Which does the expected thing:

$ as fizzbuzz.s -o fizzbuzz.o
$ ld fizzbuzz.o -o fizzbuzz
$ ./fizzbuzz
1
2
Fizz
4
Buzz
Fizz
7
8
Fizz
Buzz
11
Fizz
13
14
FizzBuzz
16
17
Fizz
19
Buzz
...
Buzz
Fizz
97
98
Fizz
Buzz

Should you use ARM64 Assembly?

Definitely not for writing any real programs.

Assembly is still a lot of fun to play with. If you want to learn some assembly for fun, and are trying to decide which one to start with, I recommend x86-64.

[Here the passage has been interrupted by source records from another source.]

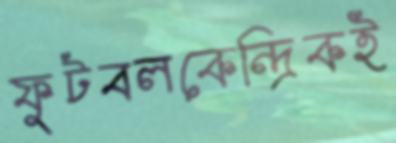
ফুটবলকেন্দ্রিকই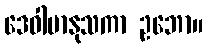
ဒေဝါမာနုသကာ ဥဘော။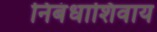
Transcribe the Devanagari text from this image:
निबंधाशिवाय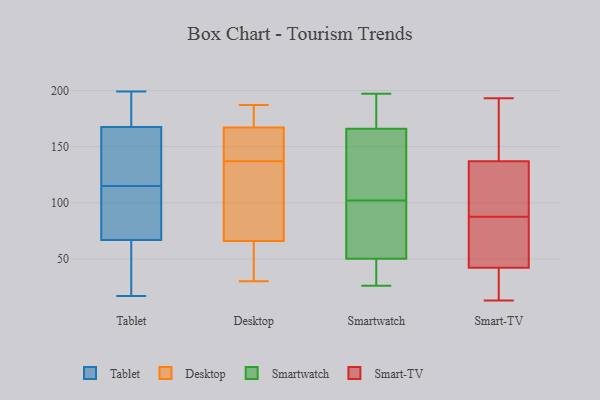
{"axis": {"x": "Waste Production (Tons)", "y": "Value"}, "legend": ["Desktop", "Smart-TV", "Smartwatch", "Tablet"], "data": [{"x": "", "y": 182, "type": "Tablet"}, {"x": "", "y": 78, "type": "Tablet"}, {"x": "", "y": 101, "type": "Tablet"}, {"x": "", "y": 26, "type": "Tablet"}, {"x": "", "y": 17, "type": "Tablet"}, {"x": "", "y": 183, "type": "Tablet"}, {"x": "", "y": 145, "type": "Tablet"}, {"x": "", "y": 85, "type": "Tablet"}, {"x": "", "y": 175, "type": "Tablet"}, {"x": "", "y": 126, "type": "Tablet"}, {"x": "", "y": 24, "type": "Tablet"}, {"x": "", "y": 144, "type": "Tablet"}, {"x": "", "y": 199, "type": "Tablet"}, {"x": "", "y": 66, "type": "Tablet"}, {"x": "", "y": 29, "type": "Tablet"}, {"x": "", "y": 115, "type": "Tablet"}, {"x": "", "y": 69, "type": "Tablet"}, {"x": "", "y": 120, "type": "Tablet"}, {"x": "", "y": 186, "type": "Tablet"}, {"x": "", "y": 101, "type": "Desktop"}, {"x": "", "y": 69, "type": "Desktop"}, {"x": "", "y": 180, "type": "Desktop"}, {"x": "", "y": 170, "type": "Desktop"}, {"x": "", "y": 187, "type": "Desktop"}, {"x": "", "y": 139, "type": "Desktop"}, {"x": "", "y": 30, "type": "Desktop"}, {"x": "", "y": 135, "type": "Desktop"}, {"x": "", "y": 177, "type": "Desktop"}, {"x": "", "y": 44, "type": "Desktop"}, {"x": "", "y": 72, "type": "Desktop"}, {"x": "", "y": 63, "type": "Desktop"}, {"x": "", "y": 48, "type": "Desktop"}, {"x": "", "y": 164, "type": "Desktop"}, {"x": "", "y": 144, "type": "Desktop"}, {"x": "", "y": 146, "type": "Desktop"}, {"x": "", "y": 166, "type": "Smartwatch"}, {"x": "", "y": 39, "type": "Smartwatch"}, {"x": "", "y": 171, "type": "Smartwatch"}, {"x": "", "y": 63, "type": "Smartwatch"}, {"x": "", "y": 106, "type": "Smartwatch"}, {"x": "", "y": 26, "type": "Smartwatch"}, {"x": "", "y": 42, "type": "Smartwatch"}, {"x": "", "y": 98, "type": "Smartwatch"}, {"x": "", "y": 190, "type": "Smartwatch"}, {"x": "", "y": 50, "type": "Smartwatch"}, {"x": "", "y": 137, "type": "Smartwatch"}, {"x": "", "y": 197, "type": "Smartwatch"}, {"x": "", "y": 70, "type": "Smartwatch"}, {"x": "", "y": 163, "type": "Smartwatch"}, {"x": "", "y": 72, "type": "Smart-TV"}, {"x": "", "y": 36, "type": "Smart-TV"}, {"x": "", "y": 29, "type": "Smart-TV"}, {"x": "", "y": 151, "type": "Smart-TV"}, {"x": "", "y": 48, "type": "Smart-TV"}, {"x": "", "y": 111, "type": "Smart-TV"}, {"x": "", "y": 145, "type": "Smart-TV"}, {"x": "", "y": 103, "type": "Smart-TV"}, {"x": "", "y": 163, "type": "Smart-TV"}, {"x": "", "y": 13, "type": "Smart-TV"}, {"x": "", "y": 63, "type": "Smart-TV"}, {"x": "", "y": 62, "type": "Smart-TV"}, {"x": "", "y": 124, "type": "Smart-TV"}, {"x": "", "y": 129, "type": "Smart-TV"}, {"x": "", "y": 32, "type": "Smart-TV"}, {"x": "", "y": 193, "type": "Smart-TV"}]}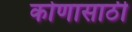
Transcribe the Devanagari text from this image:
कोणासाठी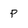
Character: P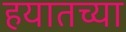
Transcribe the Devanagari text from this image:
हयातच्या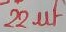
Text: 22µF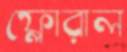
ফ্লোরাল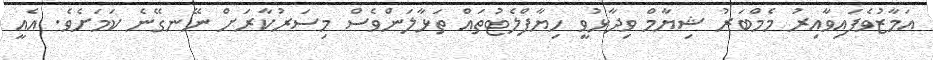
އަމާޒުވެފައިވާއިރު މެމްބަރު ޝިޔާމް ވިދާޅުވީ ހިޔާފްލެޓުތައް ތަޅާލަންވެސް މިސަރުކާރަށް ނޭނގޭނެ ކަމަށެވެ. އެއީ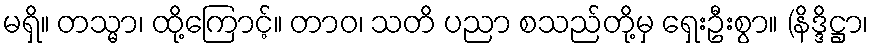
မရှိ။ တသ္မာ၊ ထို့ကြောင့်။ တာဝ၊ သတိ ပညာ စသည်တို့မှ ရှေးဦးစွာ။ (နိဒ္ဒိဋ္ဌာ၊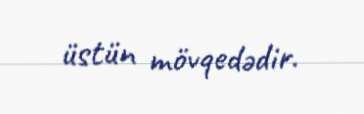
üstün mövqedədir.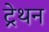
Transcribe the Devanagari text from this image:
ट्रेथन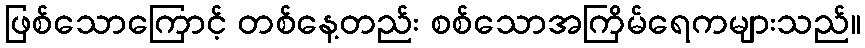
ဖြစ်သောကြောင့် တစ်နေ့တည်း စစ်သောအကြိမ်ရေကများသည်။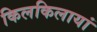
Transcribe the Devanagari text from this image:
किलकिलायां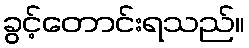
ခွင့်တောင်းရသည်။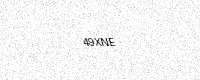
Text: 49XNE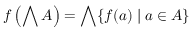
f \left( \bigwedge A \right) = \bigwedge \{ f ( a ) \mid a \in A \}

You probably have x86-64 computer already. There's orders of magnitude more x86-64 code you might want to decompile than ARM64 code - software for ARM devices like phones doesn't even come in assembly, they come in some bytecode format that only gets Just In Time compiled on the device. For x86-64 you have old games you might want to hack, CTF hacking challenges, real software with real security issues, and so on. x86-64 is also significantly more approachable, and it tried its best to keep things similar enough as much as it could over decades. ARM is a lot more fragmented, with multiple significantly different variants of ARM, so what you learn will need a lot more adjustment for a different ARM device.

But once you played with x86-64 enough, and want another one to try, ARM is the second most likely you'd have access to. Get a Raspberry Pi, preferably a 64bit kind, and have a go.